For each macronutrient, the following system of hypotheses is established:
H₀ (null hypothesis): the mean of Group A is equal to the mean of Group B.
H₁ (alternative hypothesis): the means of Groups A and B are different.

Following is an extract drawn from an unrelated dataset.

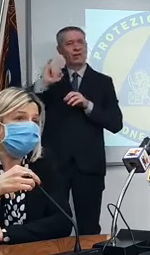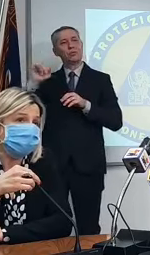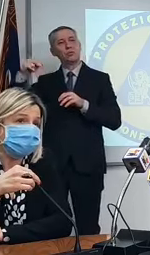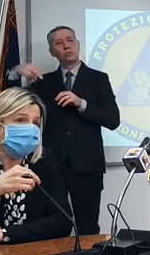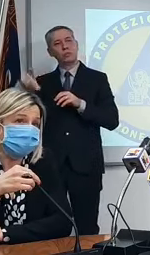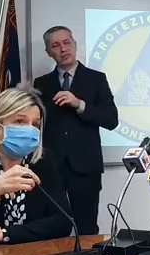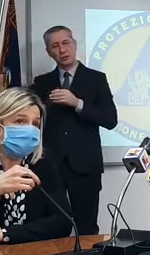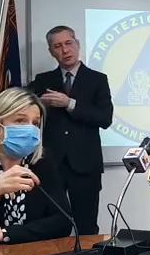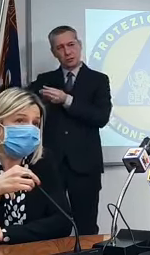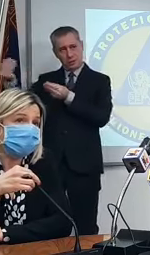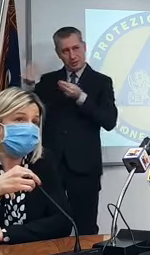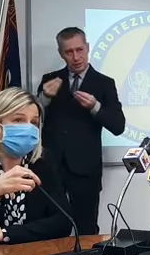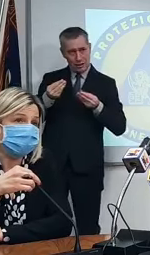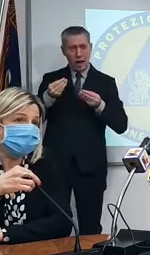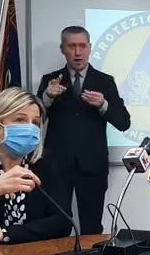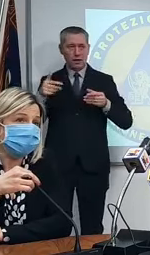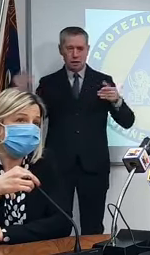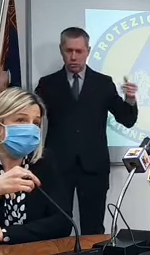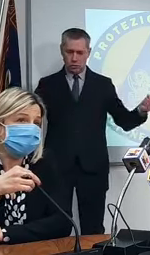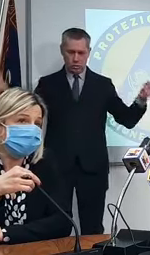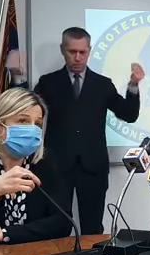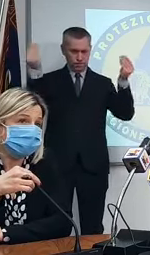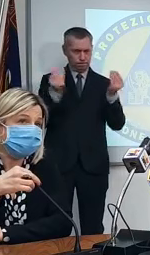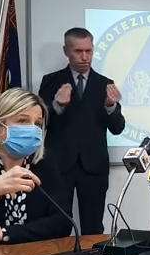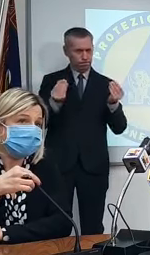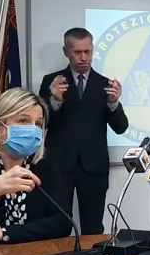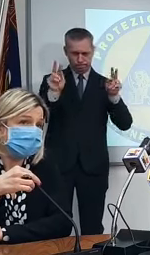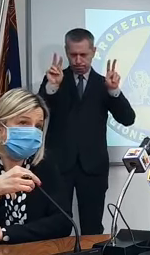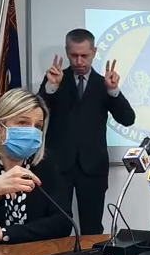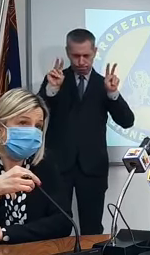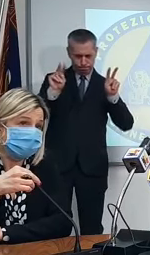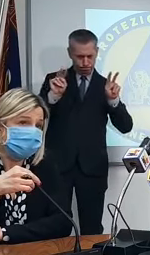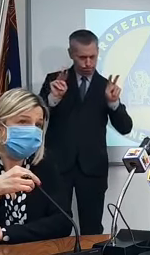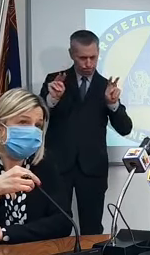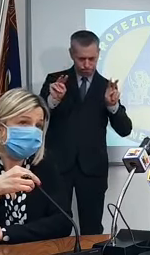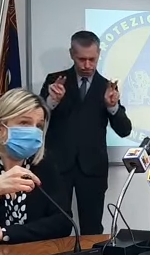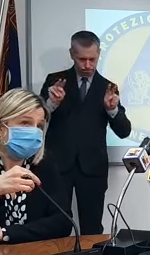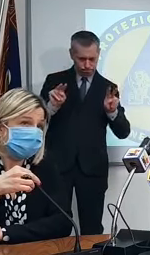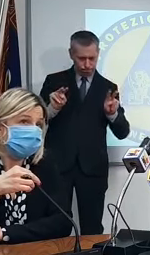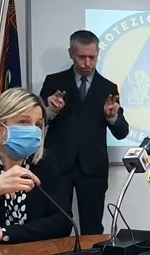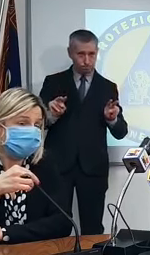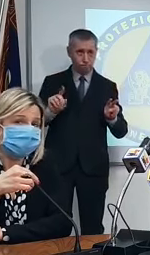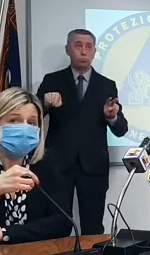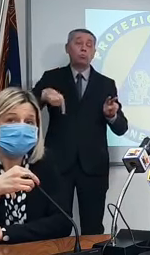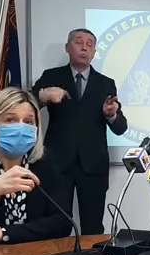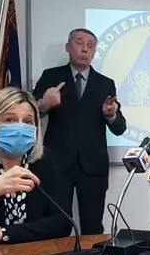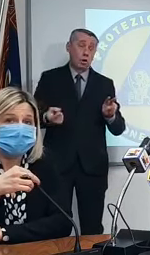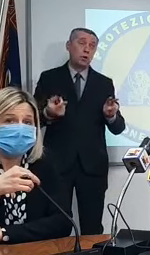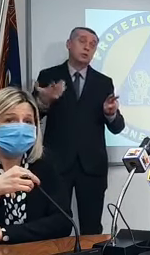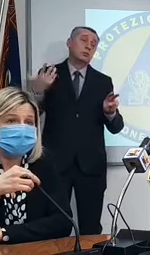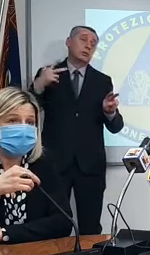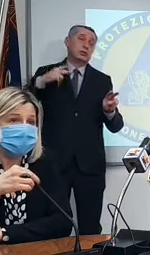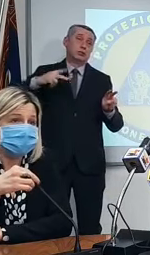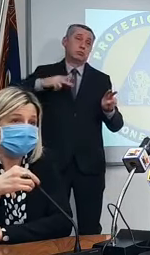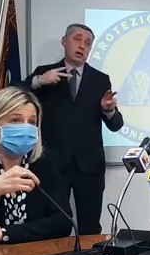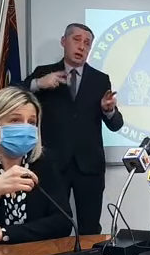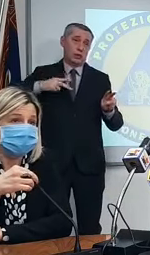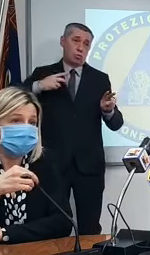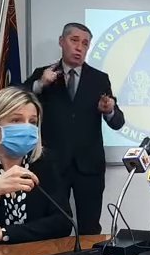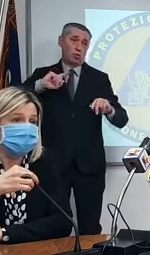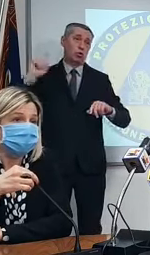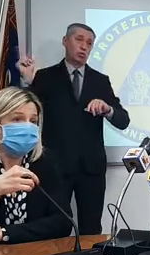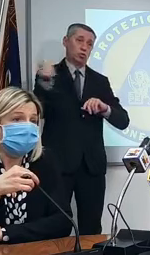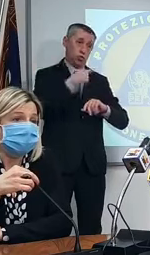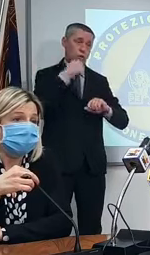stiamo incrociando tutti i dati e cercando appunto di dare le risposte e quindi poi di permettere a tutti di fissare la

The decision criterion will be based on the p-value obtained from the test. Considering a 5% significance level (α = 0.05), if p < 0.05, the null hypothesis will be rejected, leading to the conclusion that there is a statistically significant difference between the group means.
Table 3 – Sample Size | |
|---|---|
Group | Size |
A | 39 |
B | 34 |
Source: Prepared by Bruno Araújo | |
## # A tibble: 2 × 2
## group mean
## <chr> <dbl>
## 1 A 2.23
## 2 B 2.79
##
## Welch Two Sample t-test
##
## data: protein by group
## t = -2.3932, df = 62.629, p-value = 0.01971
## alternative hypothesis: true difference in means between group A and group B is not equal to 0
## 95 percent confidence interval:
## -1.03379362 -0.09290322
## sample estimates:
## mean in group A mean in group B
## 2.230769 2.794118
There is evidence of a statistically significant difference between
the mean protein levels of Groups A and B. Group B presents a higher
average protein content.
## # A tibble: 2 × 2
## group mean
## <chr> <dbl>
## 1 A 15.2
## 2 B 14.2
##
## Welch Two Sample t-test
##
## data: carbo by group
## t = 1.0389, df = 70.844, p-value = 0.3024
## alternative hypothesis: true difference in means between group A and group B is not equal to 0
## 95 percent confidence interval:
## -0.8715554 2.7674830
## sample estimates:
## mean in group A mean in group B
## 15.15385 14.20588
We do not reject the null hypothesis that the means are equal.
## # A tibble: 2 × 2
## group mean
## <chr> <dbl>
## 1 A 1.28
## 2 B 0.676
##
## Welch Two Sample t-test
##
## data: fat by group
## t = 2.7298, df = 65.188, p-value = 0.00814
## alternative hypothesis: true difference in means between group A and group B is not equal to 0
## 95 percent confidence interval:
## 0.1625566 1.0486048
## sample estimates:
## mean in group A mean in group B
## 1.2820513 0.6764706
There is statistically significant evidence that the mean fat content of Group A is higher than that of Group B.